A very rare medieval painting dating back more than 500 years, may have been saved by a quick thinking owner, who recycled it into the Ten Commandments to hide the original work.
The original painting shows Judas betraying Jesus and has been dated from around 1460. It would have originally hung in all its splendour and glory in a prominent position in a church. At the time when the Protestant Reformation started, many churches and works of art where either defaced or destroyed particularly one like this.
This painting, however seems to have survived by possibly the original owner, or someone within the church, turning it round and painting the ten commandments on the back, hiding its original meaning.
It is estimated that during this period some 90 percent of Britain’s religious art was destroyed in the 150 years after the reformation.
This painting would have been at great risk from devout Catholics, who would have defaced or destroyed this work of art as they hated the figure of Judas.

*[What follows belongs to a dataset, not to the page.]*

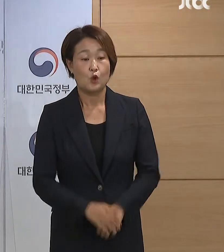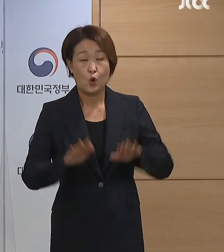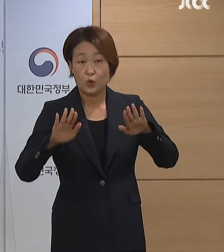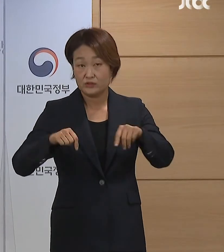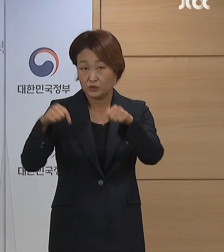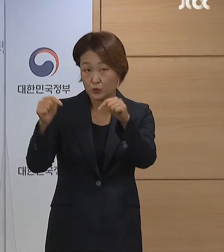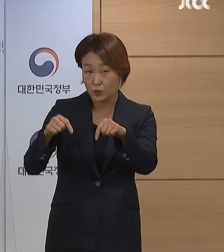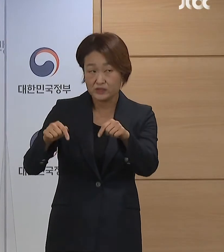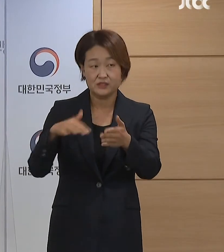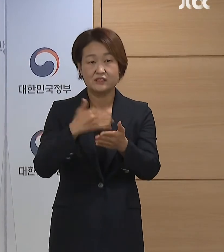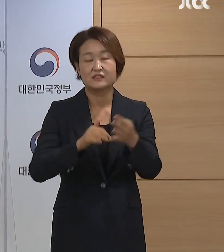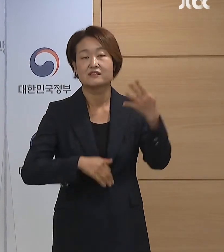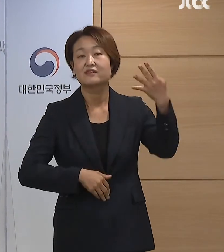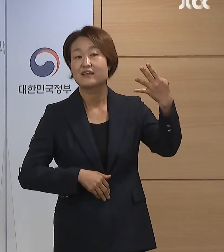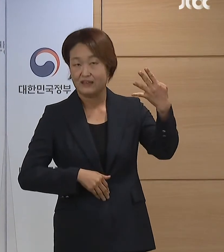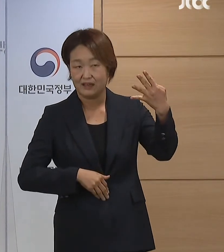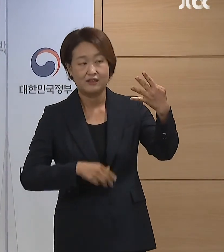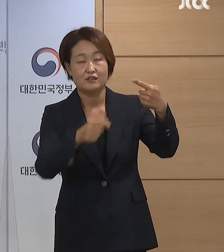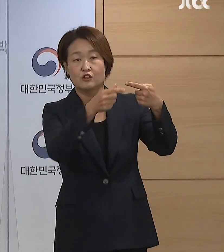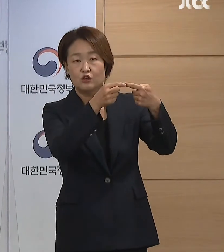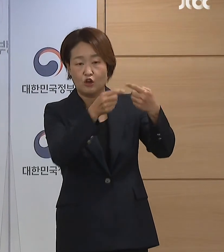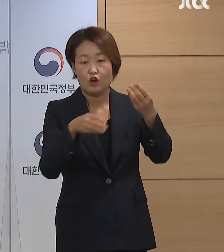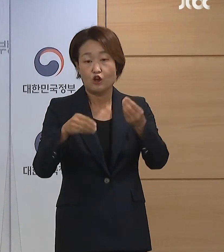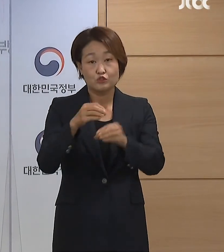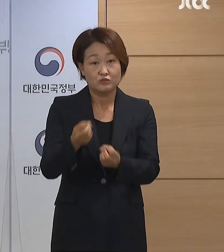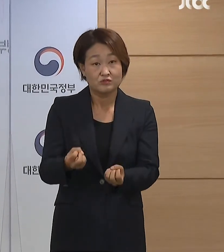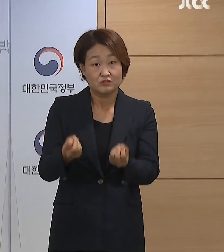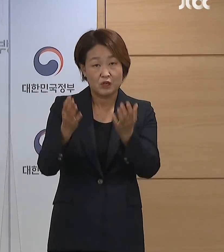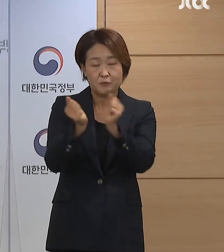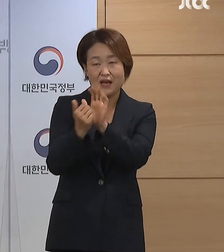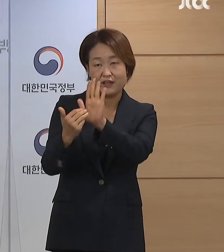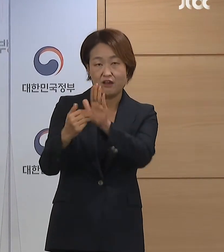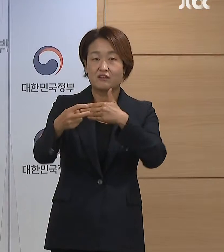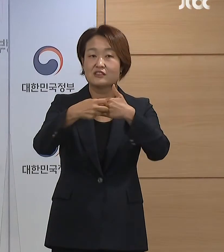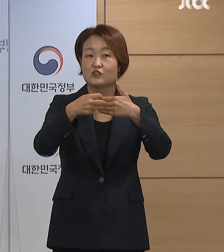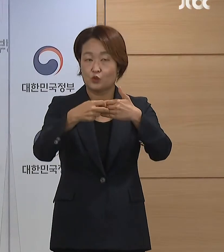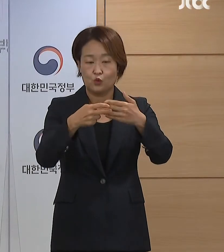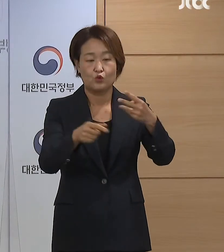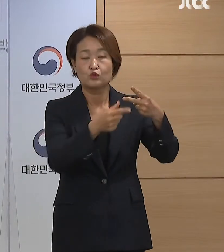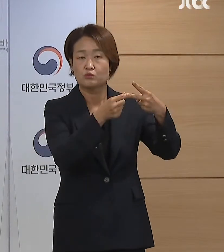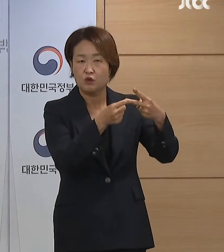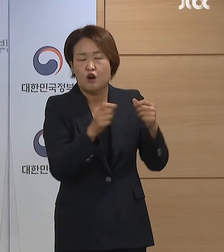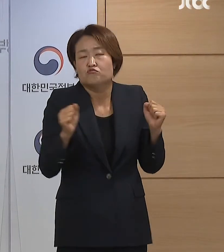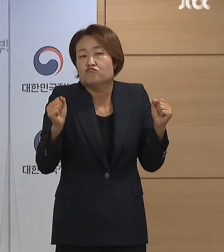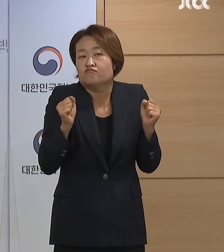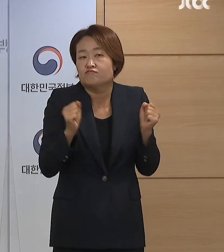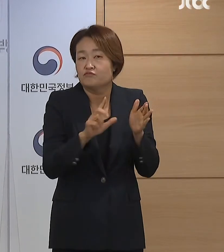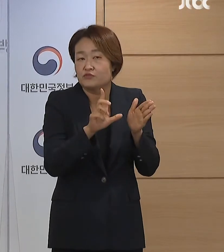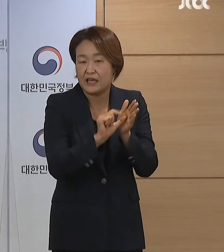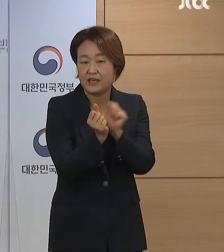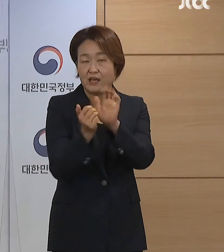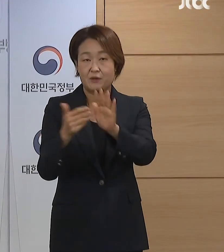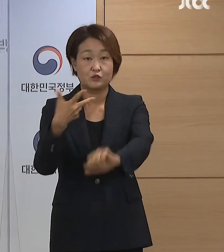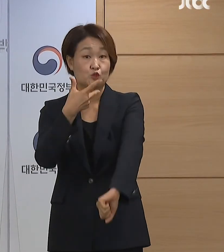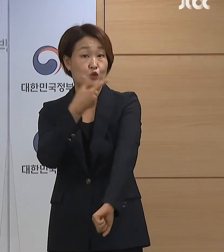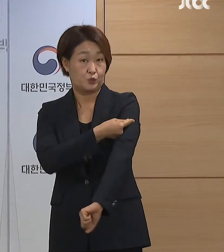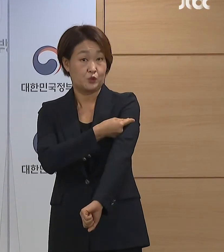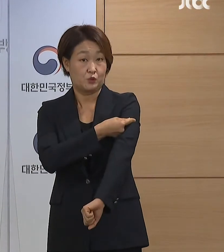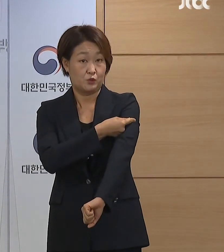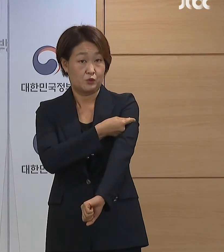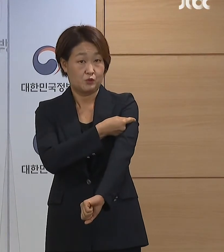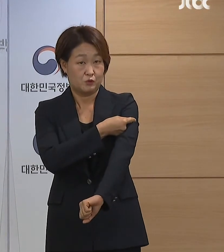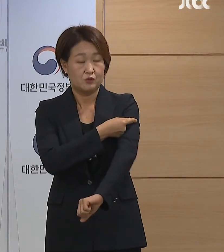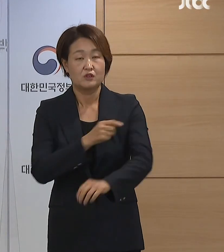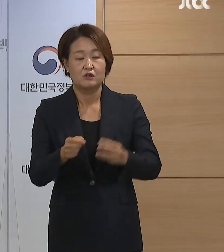4가지 논의를 하였습니다. 첫째는 추석 방역 의료 대책, 둘째는 동절기 예방접종의 기본 방향,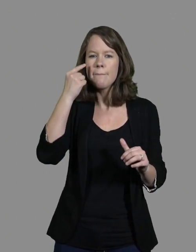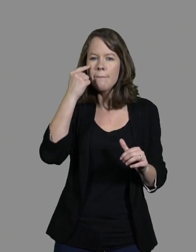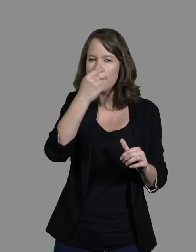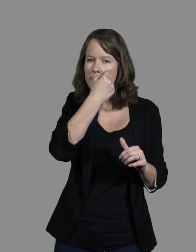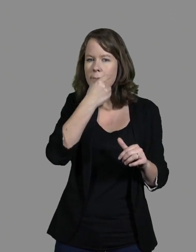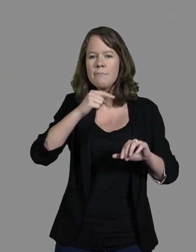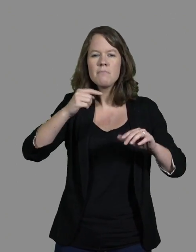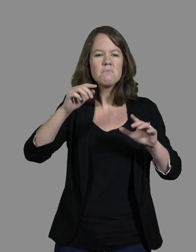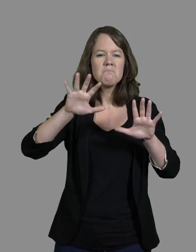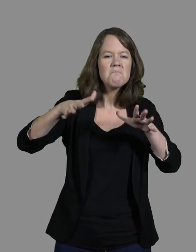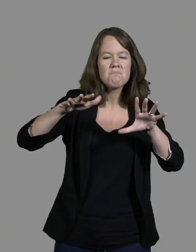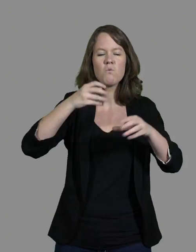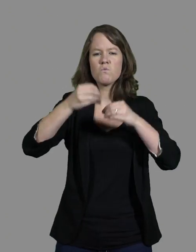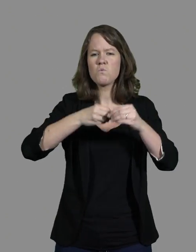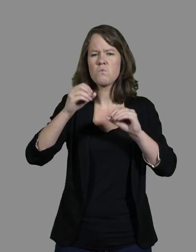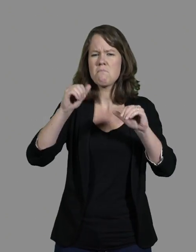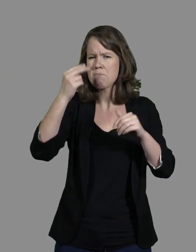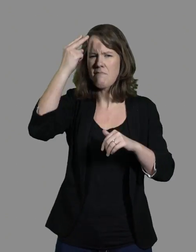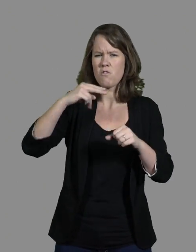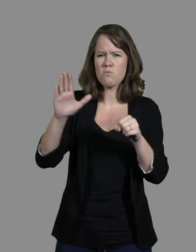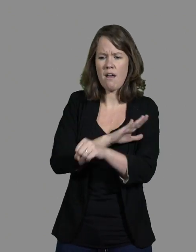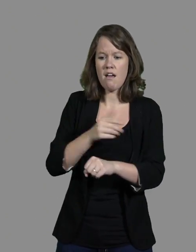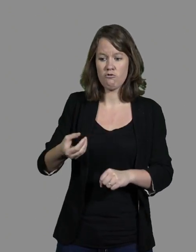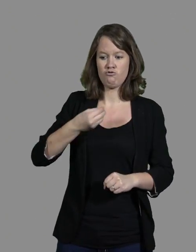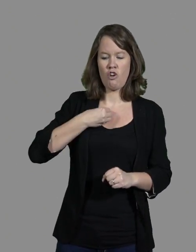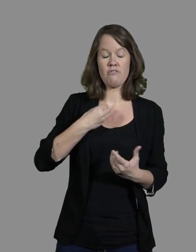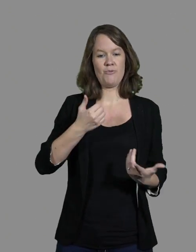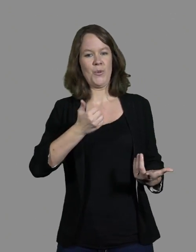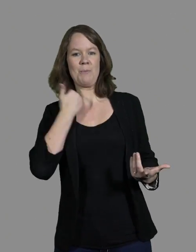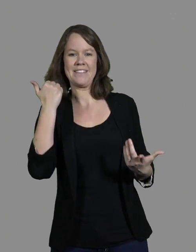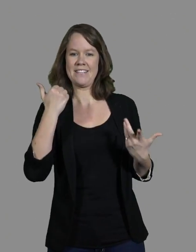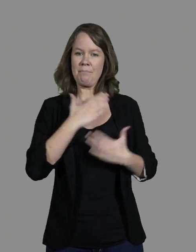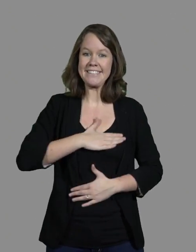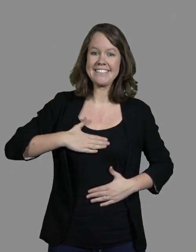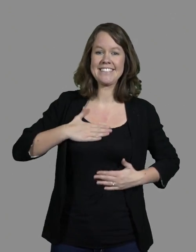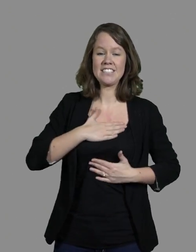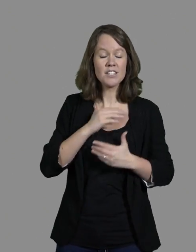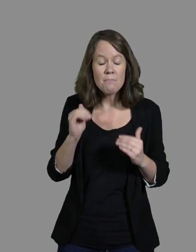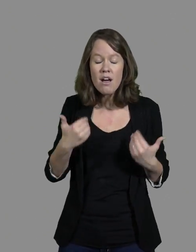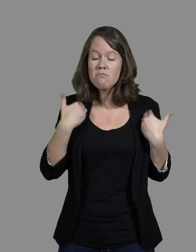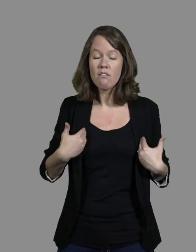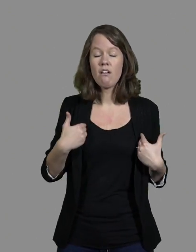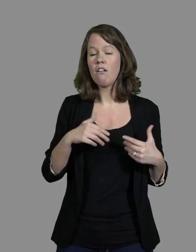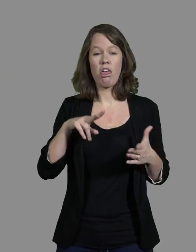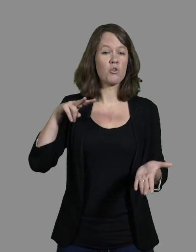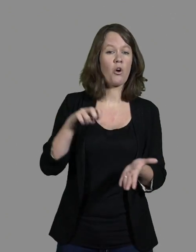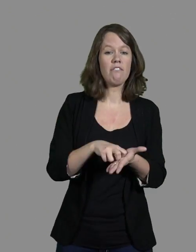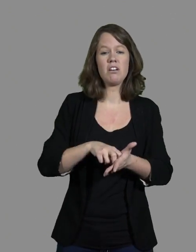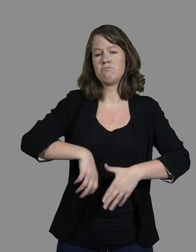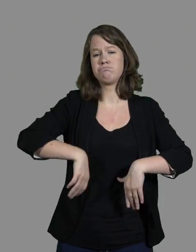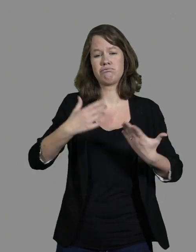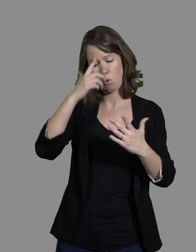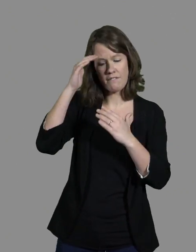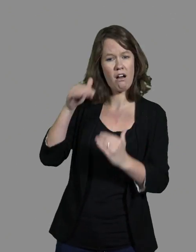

Conservationists at the Hamilton Kerr Institute, have restored the artwork to its former glory using the latest technology. They described it as one of the rarest artworks of its type. It is named “The Kiss of Judas.” The institute said that when the panel arrived it had a considerable layer of dirt, bat faeces land layers of discoloured varnish.
Now restored to its former glory it has been purchased by the Fitzwilliam Museum in Cambridge and is on display in their Rothschild’s Gallery of Medieval Art.